Second, what’s with a quantitative (sometimes) sports analyst suddenly being enamored with per-game rather than rate-based stats? Sure, one blown call every 4 games sounds low, but without some kind of assessment of how many blown call opportunities there are, how would we know? In his post, Nate mentions that NBA insiders tell him that there were “15 or 20 ‘questionable’ calls” per game in their sport. Assuming ‘questionable’ means ‘incorrect,’ does that mean NBA referees are 60 to 80 times worse than MLB umpires? Certainly not. NBA refs may or may not be terrible, but they have to make double or even triple digit difficult calls every night. If you used replay to assess every close call in an NBA game, it would never end. Absent some massive longitudinal study comparing how often officials miss particular types of calls from year to year or era to era, there is going to be a subjective component when evaluating officiating. Measuring by performance in “close” situations is about as good a method as any.

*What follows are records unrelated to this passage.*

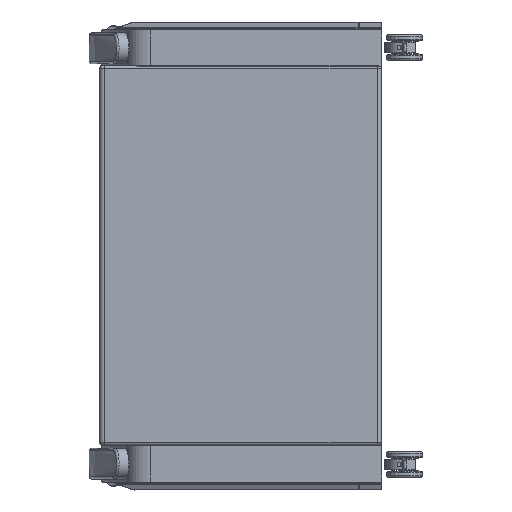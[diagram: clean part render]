
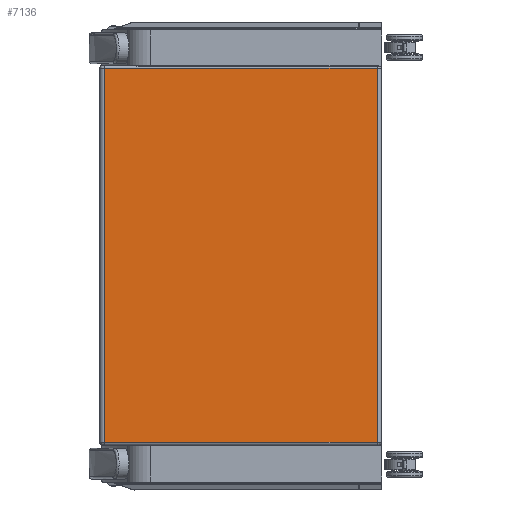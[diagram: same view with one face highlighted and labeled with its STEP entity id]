
A CAD part, left-side view. The second image highlights one B-rep face of the part: STEP entity #7136.
In plain terms, the highlighted face is planar.
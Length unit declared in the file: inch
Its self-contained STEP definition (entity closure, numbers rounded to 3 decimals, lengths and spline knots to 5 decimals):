
#441=PLANE('',#8036);
#610=LINE('',#11225,#1021);
#633=LINE('',#11396,#1044);
#638=LINE('',#11430,#1049);
#639=LINE('',#11432,#1050);
#1021=VECTOR('',#8954,0.3937);
#1044=VECTOR('',#9079,0.3937);
#1049=VECTOR('',#9102,0.3937);
#1050=VECTOR('',#9105,26.5);
#1620=FACE_OUTER_BOUND('',#2105,.T.);
#2105=EDGE_LOOP('',(#5144,#5145,#5146,#5147));
#3195=VERTEX_POINT('',#11214);
#3199=VERTEX_POINT('',#11223);
#3236=VERTEX_POINT('',#11386);
#3238=VERTEX_POINT('',#11392);
#3887=EDGE_CURVE('',#3199,#3195,#610,.T.);
#3946=EDGE_CURVE('',#3236,#3238,#633,.T.);
#3956=EDGE_CURVE('',#3238,#3199,#638,.T.);
#3957=EDGE_CURVE('',#3195,#3236,#639,.T.);
#5144=ORIENTED_EDGE('',*,*,#3887,.F.);
#5145=ORIENTED_EDGE('',*,*,#3956,.F.);
#5146=ORIENTED_EDGE('',*,*,#3946,.F.);
#5147=ORIENTED_EDGE('',*,*,#3957,.F.);
#7136=ADVANCED_FACE('',(#1620),#441,.T.);
#8036=AXIS2_PLACEMENT_3D('',#11431,#9103,#9104);
#8954=DIRECTION('',(-1.,0.,0.));
#9079=DIRECTION('',(1.,0.,0.));
#9102=DIRECTION('',(0.,0.,-1.));
#9103=DIRECTION('center_axis',(0.,-1.,0.));
#9104=DIRECTION('ref_axis',(0.,0.,-1.));
#9105=DIRECTION('',(0.,0.,1.));
#11214=CARTESIAN_POINT('',(20.0282,18.44801,26.25));
#11223=CARTESIAN_POINT('',(42.2782,18.44801,26.25));
#11225=CARTESIAN_POINT('',(35.46724,18.44801,26.25));
#11386=CARTESIAN_POINT('',(20.0282,18.44801,56.75));
#11392=CARTESIAN_POINT('',(42.2782,18.44801,56.75));
#11396=CARTESIAN_POINT('',(35.3303,18.44801,56.75));
#11430=CARTESIAN_POINT('',(42.2782,18.44801,30.));
#11431=CARTESIAN_POINT('Origin',(40.7782,18.44801,30.));
#11432=CARTESIAN_POINT('',(20.0282,18.44801,30.25));
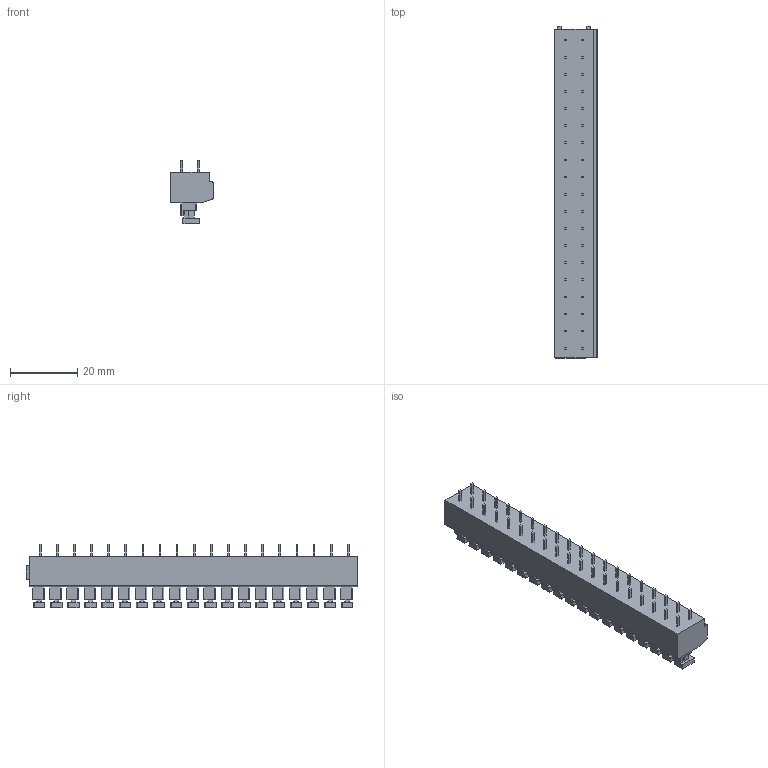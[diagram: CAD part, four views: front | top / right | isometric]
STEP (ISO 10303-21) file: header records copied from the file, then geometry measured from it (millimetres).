
FILE_DESCRIPTION((''),'2;1');
FILE_NAME('TLM-301R','2024-10-09T11:00:00',('tluser'),(''),'CREO PARAMETRIC BY PTC INC, 2018100','CREO PARAMETRIC BY PTC INC, 2018100','');
FILE_SCHEMA(('CONFIG_CONTROL_DESIGN'));
Length unit declared in the file: millimetre
Products named in the file (1): TLM-301R
Bounding box: 12.6 x 98.52 x 18.7 mm (x, y, z)
Volume: 11484.7 mm3; surface area: 7642 mm2
Topology: 1 solids, 1 shells, 934 faces, 2372 edges, 1556 vertices
Faces by surface type: plane 779, cylinder 117, cone 38
Entity records: 28080 total; most frequent: CARTESIAN_POINT 5432, ORIENTED_EDGE 4744, DIRECTION 4398, EDGE_CURVE 2372, VECTOR 1986, LINE 1986, VERTEX_POINT 1556, AXIS2_PLACEMENT_3D 1206
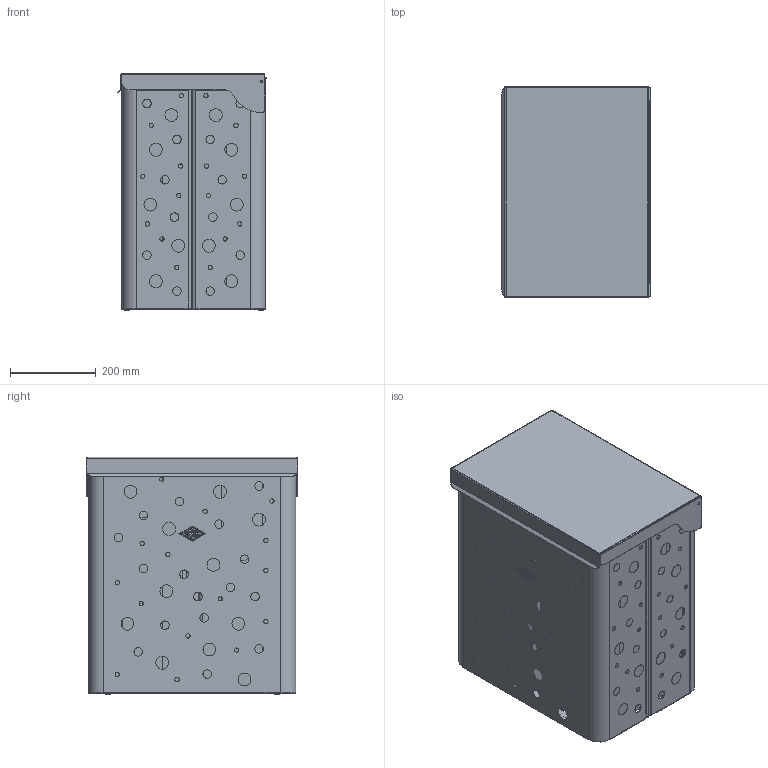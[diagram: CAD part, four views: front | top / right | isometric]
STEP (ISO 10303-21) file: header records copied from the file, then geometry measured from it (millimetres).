
FILE_DESCRIPTION(('STEP AP214'),'1');
FILE_NAME('schebox Duo 1 .STP','2026-01-15T13:31:48',(' '),(' '),'Spatial InterOp 3D',' ',' ');
FILE_SCHEMA(('AUTOMOTIVE_DESIGN { 1 0 10303 214 1 1 1 1 }'));
Length unit declared in the file: millimetre
Products named in the file (5): V_Wäschebox Duo 1 ; ASSEM1
Assembly tree (4 placements, depth 2):
  V_Wäschebox Duo 1 
    ASSEM1
    (unnamed)
    (unnamed)
    (unnamed)
Bounding box: 345.7 x 493 x 554.1 mm (x, y, z)
Volume: 3842902.2 mm3; surface area: 4678016.6 mm2
Topology: 6 solids, 6 shells, 1359 faces, 3550 edges, 2231 vertices
Faces by surface type: cylinder 620, plane 561, bspline 138, torus 36, cone 4
Full cylindrical faces by diameter (mm): 4.5 x28, 5 x10, 5.2 x2, 5.3 x2, 6 x4, 6.4 x2, 10 x47, 11.7 x4, 12 x4, 20 x40, 30 x31, 44 x24
Entity records: 67300 total; most frequent: CARTESIAN_POINT 32126, DIRECTION 6873, ORIENTED_EDGE 6660, EDGE_CURVE 3330, AXIS2_PLACEMENT_3D 2531, VERTEX_POINT 2218, EDGE_LOOP 2002, LINE 1811
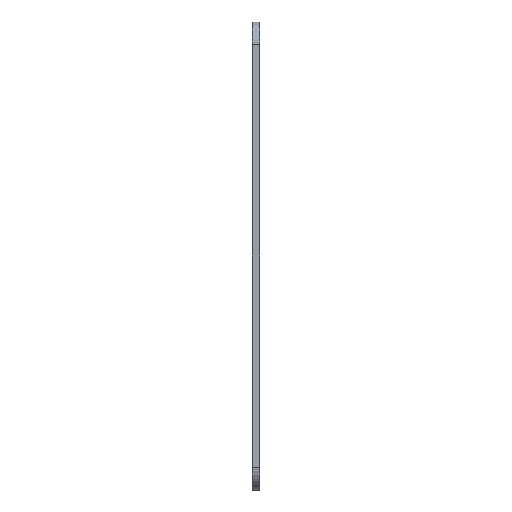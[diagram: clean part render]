
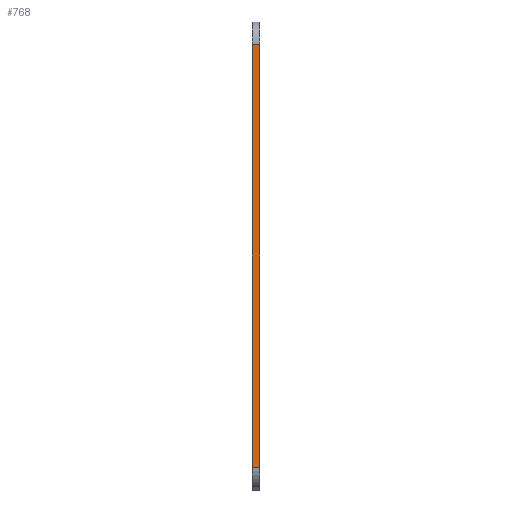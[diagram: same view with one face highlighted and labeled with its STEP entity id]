
A CAD part, left-side view. The second image highlights one B-rep face of the part: STEP entity #768.
In plain terms, the highlighted planar face has unit normal (-1, 0, 0).
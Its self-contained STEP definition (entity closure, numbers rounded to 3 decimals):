
#8 = ORIENTED_EDGE ( 'NONE', *, *, #252, .T. ) ;
#31 = LINE ( 'NONE', #211, #228 ) ;
#72 = EDGE_LOOP ( 'NONE', ( #171, #493, #546, #8 ) ) ;
#89 = DIRECTION ( 'NONE',  ( 0., 0., 1. ) ) ;
#130 = CARTESIAN_POINT ( 'NONE',  ( -170., 4., 111.5 ) ) ;
#151 = VECTOR ( 'NONE', #810, 1000. ) ;
#171 = ORIENTED_EDGE ( 'NONE', *, *, #522, .T. ) ;
#173 = CARTESIAN_POINT ( 'NONE',  ( -170., 4., -111.5 ) ) ;
#211 = CARTESIAN_POINT ( 'NONE',  ( -170., 0., 111.5 ) ) ;
#228 = VECTOR ( 'NONE', #89, 1000. ) ;
#252 = EDGE_CURVE ( 'NONE', #514, #652, #466, .T. ) ;
#254 = AXIS2_PLACEMENT_3D ( 'NONE', #130, #568, #510 ) ;
#267 = CARTESIAN_POINT ( 'NONE',  ( -170., 4., 111.5 ) ) ;
#268 = VECTOR ( 'NONE', #631, 1000. ) ;
#314 = LINE ( 'NONE', #625, #268 ) ;
#328 = EDGE_CURVE ( 'NONE', #471, #565, #314, .T. ) ;
#401 = CARTESIAN_POINT ( 'NONE',  ( -170., 4., 111.5 ) ) ;
#409 = CARTESIAN_POINT ( 'NONE',  ( -170., 0., -111.5 ) ) ;
#451 = CARTESIAN_POINT ( 'NONE',  ( -170., 0., 111.5 ) ) ;
#466 = LINE ( 'NONE', #173, #151 ) ;
#471 = VERTEX_POINT ( 'NONE', #401 ) ;
#493 = ORIENTED_EDGE ( 'NONE', *, *, #328, .F. ) ;
#510 = DIRECTION ( 'NONE',  ( 0., 0., -1. ) ) ;
#514 = VERTEX_POINT ( 'NONE', #662 ) ;
#522 = EDGE_CURVE ( 'NONE', #652, #565, #31, .T. ) ;
#546 = ORIENTED_EDGE ( 'NONE', *, *, #586, .F. ) ;
#565 = VERTEX_POINT ( 'NONE', #451 ) ;
#568 = DIRECTION ( 'NONE',  ( 1., 0., 0. ) ) ;
#571 = FACE_OUTER_BOUND ( 'NONE', #72, .T. ) ;
#586 = EDGE_CURVE ( 'NONE', #514, #471, #653, .T. ) ;
#621 = PLANE ( 'NONE',  #254 ) ;
#625 = CARTESIAN_POINT ( 'NONE',  ( -170., 4., 111.5 ) ) ;
#631 = DIRECTION ( 'NONE',  ( 0., -1., 0. ) ) ;
#652 = VERTEX_POINT ( 'NONE', #409 ) ;
#653 = LINE ( 'NONE', #267, #791 ) ;
#662 = CARTESIAN_POINT ( 'NONE',  ( -170., 4., -111.5 ) ) ;
#768 = ADVANCED_FACE ( 'NONE', ( #571 ), #621, .F. ) ;
#778 = DIRECTION ( 'NONE',  ( 0., 0., 1. ) ) ;
#791 = VECTOR ( 'NONE', #778, 1000. ) ;
#810 = DIRECTION ( 'NONE',  ( 0., -1., 0. ) ) ;

Which is not to say that the ESPN metric couldn’t be improved: I would certainly like to see their guidelines for figuring out whether a call is review-worthy or not. In a perfect world, they might even break down the sets of calls by various proposals for replay implementation. As a journalistic matter, maybe they should have spent more time discussing their finding that only 1.3 calls per game are “close,” as that seems like an important story in its own right. On balance, however, when it comes to the two main issues that this study pertains to (the potential impact of further instant replay, and the relative quality of baseball officiating), I think ESPN’s analysis is far more probative than Nate’s.
The definition of close calls as “those for which instant replay was necessary to make a determination” is still arbitrary because it is vague. How is this necessity determined? The umpire who made the call would tell you replay wasn’t necessary, and since it turns out he usually gets it right, there is indeed a case to be made. I suspect that what this really means is that a group of guys were sitting around a TV watching video. If one of them said “Hey, I want to see that one again” then it go classified as a close call. But a different group of guys might come up with a different set of “close calls”.
Vague does not mean arbitrary. And though the standard is clearly subjective, I’m not even sure it is vague.
What about calls that aren’t close and do not require replay, but umpires get wrong anyway? They are left out of the study entirely, yet probably are the worst offenders of the bunch. I remember a play recently argued on PTI where a grounder bounced fair in the infield by the 3rd base foul line, then bounced fair in the outfield but the umpire called it foul. He claimed it went out of bounds before 3rd, then “swerved” back into fair territory behind 3rd base. I saw it originally, thought it was fair, and have watched replay multiple times and have yet to see any swerve. To me, that play doesn’t require replay to make a determination, yet was a blown call.
Another questionable example are home runs that hit the stands and bounce back into play, which frequently require reviews for officials to make the correct call even though it’s obvious if you’re watching. If a batter rounding 1st can see it’s a home run but the official isn’t sure, is replay necessary for a determination?
Then there’s also the problem with why a play required instant replay to determine a call. Was it simply because it was a close play such as a bang-bang play at 1st, or was it that the original video feed had a bad angle or didn’t show the important part of the play?
These are all good questions that could certainly be used to design a better study (or may go to details of the methodology that just weren’t in the article).